MedSAM2 learns from a huge collection of 3D medical data and lets doctors mark one example area, then automatically finds similar areas in all other scans and videos, reducing manual work by 85%.

Why it matters?

This helps doctors diagnose diseases faster and more accurately, making medical care better and cheaper while handling complex 3D scans like CTs and MRIs easily.

Abstract

Medical image and video segmentation is a critical task for precision medicine, which has witnessed considerable progress in developing task or modality-specific and generalist models for 2D images. However, there have been limited studies on building general-purpose models for 3D images and videos with comprehensive user studies. Here, we present MedSAM2, a promptable segmentation foundation model for 3D image and video segmentation. The model is developed by fine-tuning the Segment Anything Model 2 on a large medical dataset with over 455,000 3D image-mask pairs and 76,000 frames, outperforming previous models across a wide range of organs, lesions, and imaging modalities.
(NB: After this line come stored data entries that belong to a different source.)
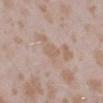Findings:
• notes — catalogued during a skin exam; not biopsied
• patient — female, aged around 25
• lighting — white-light illumination
• site — the leg
• image-analysis metrics — a shape eccentricity near 0.75 and two-axis asymmetry of about 0.2; a border-irregularity index near 2/10 and a peripheral color-asymmetry measure near 0; lesion-presence confidence of about 90/100
• imaging modality — 15 mm crop, total-body photography
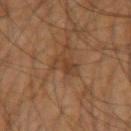Notes:
* acquisition: 15 mm crop, total-body photography
* illumination: cross-polarized
* site: the arm
* subject: male, about 60 years old
* automated metrics: a footprint of about 5 mm², an outline eccentricity of about 0.95 (0 = round, 1 = elongated), and a symmetry-axis asymmetry near 0.4; an average lesion color of about L≈36 a*≈17 b*≈28 (CIELAB), a lesion–skin lightness drop of about 6, and a normalized border contrast of about 5.5; an automated nevus-likeness rating near 0 out of 100 and lesion-presence confidence of about 100/100
* lesion diameter: ~4 mm (longest diameter)
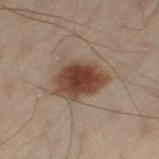Acquisition and patient details: Approximately 5.5 mm at its widest. This is a cross-polarized tile. On the leg. A 15 mm close-up extracted from a 3D total-body photography capture. The patient is a male aged approximately 50. The lesion-visualizer software estimated an area of roughly 15 mm² and a symmetry-axis asymmetry near 0.2. And it measured a mean CIELAB color near L≈33 a*≈15 b*≈23, about 12 CIELAB-L* units darker than the surrounding skin, and a lesion-to-skin contrast of about 11.5 (normalized; higher = more distinct). The software also gave border irregularity of about 2 on a 0–10 scale, a within-lesion color-variation index near 4/10, and peripheral color asymmetry of about 1.
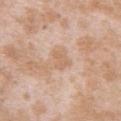notes — no biopsy performed (imaged during a skin exam) | site — the upper back | imaging modality — 15 mm crop, total-body photography | subject — female, roughly 25 years of age.
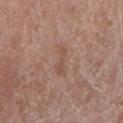follow-up = no biopsy performed (imaged during a skin exam) | automated metrics = a lesion–skin lightness drop of about 6 and a normalized border contrast of about 5 | body site = the right lower leg | image source = ~15 mm tile from a whole-body skin photo | illumination = white-light | lesion diameter = about 3.5 mm | patient = male, aged 68 to 72.
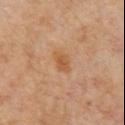Clinical impression:
Captured during whole-body skin photography for melanoma surveillance; the lesion was not biopsied.
Image and clinical context:
The recorded lesion diameter is about 3 mm. Imaged with cross-polarized lighting. Cropped from a total-body skin-imaging series; the visible field is about 15 mm. The patient is a male aged 53–57. The lesion is located on the chest. Automated image analysis of the tile measured a lesion color around L≈54 a*≈22 b*≈37 in CIELAB, a lesion–skin lightness drop of about 8, and a normalized border contrast of about 6.5.
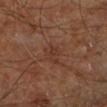workup=imaged on a skin check; not biopsied | subject=in their mid- to late 60s | TBP lesion metrics=an eccentricity of roughly 0.75; an average lesion color of about L≈34 a*≈21 b*≈26 (CIELAB), a lesion–skin lightness drop of about 5, and a normalized border contrast of about 5; an automated nevus-likeness rating near 0 out of 100 | illumination=cross-polarized illumination | diameter=about 3 mm | location=the left lower leg | acquisition=total-body-photography crop, ~15 mm field of view.
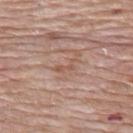<case>
  <biopsy_status>not biopsied; imaged during a skin examination</biopsy_status>
  <lighting>white-light</lighting>
  <site>upper back</site>
  <patient>
    <sex>female</sex>
    <age_approx>65</age_approx>
  </patient>
  <lesion_size>
    <long_diameter_mm_approx>3.0</long_diameter_mm_approx>
  </lesion_size>
  <image>
    <source>total-body photography crop</source>
    <field_of_view_mm>15</field_of_view_mm>
  </image>
</case>
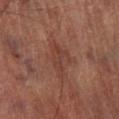- biopsy status — catalogued during a skin exam; not biopsied
- acquisition — ~15 mm crop, total-body skin-cancer survey
- subject — male, aged around 70
- location — the right lower leg
- diameter — ≈5 mm
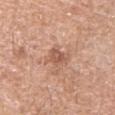* biopsy status — imaged on a skin check; not biopsied
* anatomic site — the left upper arm
* patient — male, in their mid-50s
* diameter — ~3 mm (longest diameter)
* automated metrics — a lesion area of about 5.5 mm² and two-axis asymmetry of about 0.25; a mean CIELAB color near L≈57 a*≈23 b*≈30, about 10 CIELAB-L* units darker than the surrounding skin, and a lesion-to-skin contrast of about 6.5 (normalized; higher = more distinct); a border-irregularity index near 3/10, internal color variation of about 3 on a 0–10 scale, and a peripheral color-asymmetry measure near 1; an automated nevus-likeness rating near 0 out of 100 and a lesion-detection confidence of about 100/100
* image — total-body-photography crop, ~15 mm field of view
* lighting — white-light
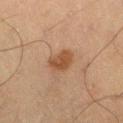biopsy status = no biopsy performed (imaged during a skin exam) | tile lighting = cross-polarized | acquisition = ~15 mm crop, total-body skin-cancer survey | location = the right thigh | patient = male, aged 68 to 72.
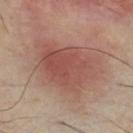Case summary:
- workup: catalogued during a skin exam; not biopsied
- lighting: cross-polarized
- patient: male, aged 33–37
- lesion diameter: ≈8 mm
- acquisition: 15 mm crop, total-body photography
- anatomic site: the front of the torso
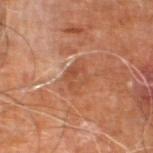The lesion was photographed on a routine skin check and not biopsied; there is no pathology result. A male subject aged around 60. From the leg. Approximately 3.5 mm at its widest. A region of skin cropped from a whole-body photographic capture, roughly 15 mm wide. This is a cross-polarized tile.
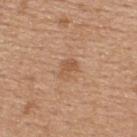This lesion was catalogued during total-body skin photography and was not selected for biopsy. A female patient in their mid-40s. On the upper back. Imaged with white-light lighting. A region of skin cropped from a whole-body photographic capture, roughly 15 mm wide. Approximately 2.5 mm at its widest.
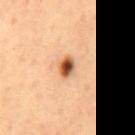Notes:
* follow-up — total-body-photography surveillance lesion; no biopsy
* image-analysis metrics — an area of roughly 4 mm², a shape eccentricity near 0.7, and two-axis asymmetry of about 0.15; a border-irregularity index near 1/10, a color-variation rating of about 9.5/10, and a peripheral color-asymmetry measure near 3; a nevus-likeness score of about 100/100 and lesion-presence confidence of about 100/100
* illumination — cross-polarized
* patient — male, in their mid- to late 50s
* lesion diameter — ~2.5 mm (longest diameter)
* site — the mid back
* image source — 15 mm crop, total-body photography
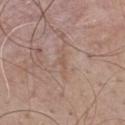| key | value |
|---|---|
| workup | total-body-photography surveillance lesion; no biopsy |
| site | the upper back |
| illumination | white-light |
| acquisition | total-body-photography crop, ~15 mm field of view |
| subject | male, aged approximately 45 |
| automated metrics | a lesion area of about 1 mm² and a symmetry-axis asymmetry near 0.4; a border-irregularity rating of about 3/10, a within-lesion color-variation index near 0/10, and peripheral color asymmetry of about 0; a nevus-likeness score of about 0/100 and lesion-presence confidence of about 90/100 |
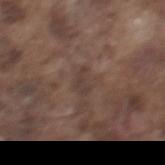workup=total-body-photography surveillance lesion; no biopsy
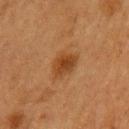Part of a total-body skin-imaging series; this lesion was reviewed on a skin check and was not flagged for biopsy. The total-body-photography lesion software estimated a footprint of about 6.5 mm² and an eccentricity of roughly 0.6. And it measured border irregularity of about 2.5 on a 0–10 scale and a peripheral color-asymmetry measure near 1. Captured under cross-polarized illumination. Located on the left upper arm. Cropped from a whole-body photographic skin survey; the tile spans about 15 mm. The patient is a female aged approximately 55. Longest diameter approximately 3 mm.
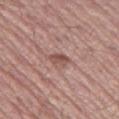Notes:
• biopsy status · catalogued during a skin exam; not biopsied
• image source · total-body-photography crop, ~15 mm field of view
• body site · the left thigh
• TBP lesion metrics · a footprint of about 3.5 mm² and two-axis asymmetry of about 0.3; a lesion color around L≈51 a*≈21 b*≈23 in CIELAB; an automated nevus-likeness rating near 0 out of 100 and a lesion-detection confidence of about 95/100
• patient · male, roughly 55 years of age
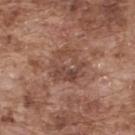Impression: The lesion was tiled from a total-body skin photograph and was not biopsied.
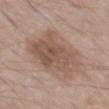Q: Was a biopsy performed?
A: catalogued during a skin exam; not biopsied
Q: What lighting was used for the tile?
A: white-light
Q: Where on the body is the lesion?
A: the left thigh
Q: What are the patient's age and sex?
A: male, in their mid- to late 60s
Q: How was this image acquired?
A: total-body-photography crop, ~15 mm field of view
Q: How large is the lesion?
A: ~7.5 mm (longest diameter)
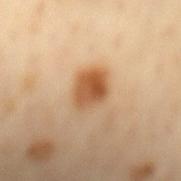follow-up = total-body-photography surveillance lesion; no biopsy
diameter = ≈3.5 mm
anatomic site = the mid back
illumination = cross-polarized illumination
subject = male, approximately 65 years of age
acquisition = ~15 mm tile from a whole-body skin photo
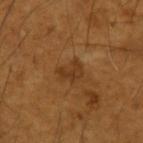  biopsy_status: not biopsied; imaged during a skin examination
  lighting: cross-polarized
  lesion_size:
    long_diameter_mm_approx: 3.0
  patient:
    sex: male
    age_approx: 65
  site: left forearm
  image:
    source: total-body photography crop
    field_of_view_mm: 15
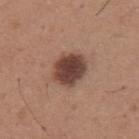Q: Was this lesion biopsied?
A: total-body-photography surveillance lesion; no biopsy
Q: What is the anatomic site?
A: the upper back
Q: Patient demographics?
A: male, aged approximately 65
Q: How was this image acquired?
A: total-body-photography crop, ~15 mm field of view
Q: How was the tile lit?
A: white-light illumination
Q: How large is the lesion?
A: ~4 mm (longest diameter)
Q: Automated lesion metrics?
A: radial color variation of about 1
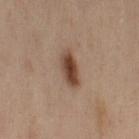Q: Is there a histopathology result?
A: total-body-photography surveillance lesion; no biopsy
Q: Lesion size?
A: ~4 mm (longest diameter)
Q: What is the imaging modality?
A: total-body-photography crop, ~15 mm field of view
Q: Illumination type?
A: cross-polarized illumination
Q: What is the anatomic site?
A: the back
Q: Who is the patient?
A: female, approximately 55 years of age
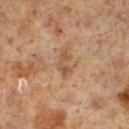Case summary:
- follow-up · catalogued during a skin exam; not biopsied
- imaging modality · ~15 mm crop, total-body skin-cancer survey
- patient · male, aged 58 to 62
- location · the left lower leg
- automated lesion analysis · a footprint of about 3.5 mm², an eccentricity of roughly 0.85, and a shape-asymmetry score of about 0.45 (0 = symmetric); a border-irregularity rating of about 6/10 and a peripheral color-asymmetry measure near 0; a nevus-likeness score of about 0/100 and a lesion-detection confidence of about 100/100
- size · ≈3 mm
- lighting · cross-polarized
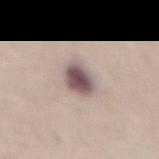An algorithmic analysis of the crop reported an eccentricity of roughly 0.55 and a shape-asymmetry score of about 0.15 (0 = symmetric). It also reported a border-irregularity rating of about 1.5/10, a color-variation rating of about 4.5/10, and a peripheral color-asymmetry measure near 1. On the abdomen. Cropped from a total-body skin-imaging series; the visible field is about 15 mm. The tile uses white-light illumination. A female subject aged 63 to 67.
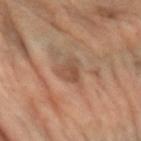lighting = cross-polarized | lesion diameter = about 3 mm | anatomic site = the arm | image-analysis metrics = a lesion color around L≈48 a*≈19 b*≈30 in CIELAB, roughly 8 lightness units darker than nearby skin, and a normalized lesion–skin contrast near 6; a border-irregularity rating of about 3.5/10, a within-lesion color-variation index near 4/10, and peripheral color asymmetry of about 1.5; a classifier nevus-likeness of about 0/100 | acquisition = ~15 mm tile from a whole-body skin photo | patient = female, aged 63–67.
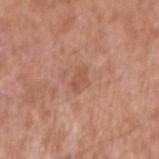<lesion>
  <biopsy_status>not biopsied; imaged during a skin examination</biopsy_status>
  <lesion_size>
    <long_diameter_mm_approx>3.0</long_diameter_mm_approx>
  </lesion_size>
  <site>right upper arm</site>
  <patient>
    <sex>male</sex>
    <age_approx>55</age_approx>
  </patient>
  <image>
    <source>total-body photography crop</source>
    <field_of_view_mm>15</field_of_view_mm>
  </image>
</lesion>
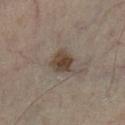* follow-up: no biopsy performed (imaged during a skin exam)
* image: total-body-photography crop, ~15 mm field of view
* location: the left lower leg
* lighting: cross-polarized illumination
* diameter: ≈3 mm
* patient: male, aged around 55
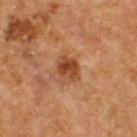lighting: cross-polarized
acquisition: ~15 mm crop, total-body skin-cancer survey
diameter: ≈2.5 mm
subject: male, roughly 50 years of age
location: the upper back
automated lesion analysis: a shape eccentricity near 0.6 and a symmetry-axis asymmetry near 0.2; a border-irregularity index near 2/10, a color-variation rating of about 4/10, and radial color variation of about 1.5; lesion-presence confidence of about 100/100
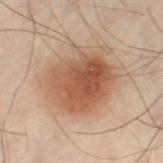This lesion was catalogued during total-body skin photography and was not selected for biopsy. This image is a 15 mm lesion crop taken from a total-body photograph. The lesion is on the left thigh. A male patient in their 50s.
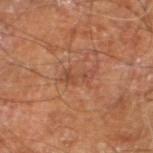The lesion was photographed on a routine skin check and not biopsied; there is no pathology result.
A roughly 15 mm field-of-view crop from a total-body skin photograph.
The subject is a male aged around 60.
The lesion is located on the leg.
About 3.5 mm across.
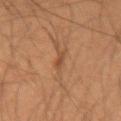The lesion was tiled from a total-body skin photograph and was not biopsied.
A male patient, aged approximately 35.
This image is a 15 mm lesion crop taken from a total-body photograph.
The lesion is on the right forearm.
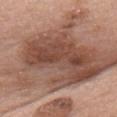The lesion was tiled from a total-body skin photograph and was not biopsied.
A female patient, aged approximately 60.
From the head or neck.
About 20 mm across.
The lesion-visualizer software estimated a footprint of about 120 mm², an outline eccentricity of about 0.9 (0 = round, 1 = elongated), and a symmetry-axis asymmetry near 0.35. The analysis additionally found an average lesion color of about L≈52 a*≈19 b*≈27 (CIELAB) and a lesion-to-skin contrast of about 9.5 (normalized; higher = more distinct). It also reported a nevus-likeness score of about 10/100.
The tile uses white-light illumination.
A lesion tile, about 15 mm wide, cut from a 3D total-body photograph.

Furthermore, we implement a human-in-the-loop pipeline to facilitate the creation of large-scale datasets resulting in, to the best of our knowledge, the most extensive user study to date, involving the annotation of 5,000 CT lesions, 3,984 liver MRI lesions, and 251,550 echocardiogram video frames, demonstrating that MedSAM2 can reduce manual costs by more than 85%. MedSAM2 is also integrated into widely used platforms with user-friendly interfaces for local and cloud deployment, making it a practical tool for supporting efficient, scalable, and high-quality segmentation in both research and healthcare environments.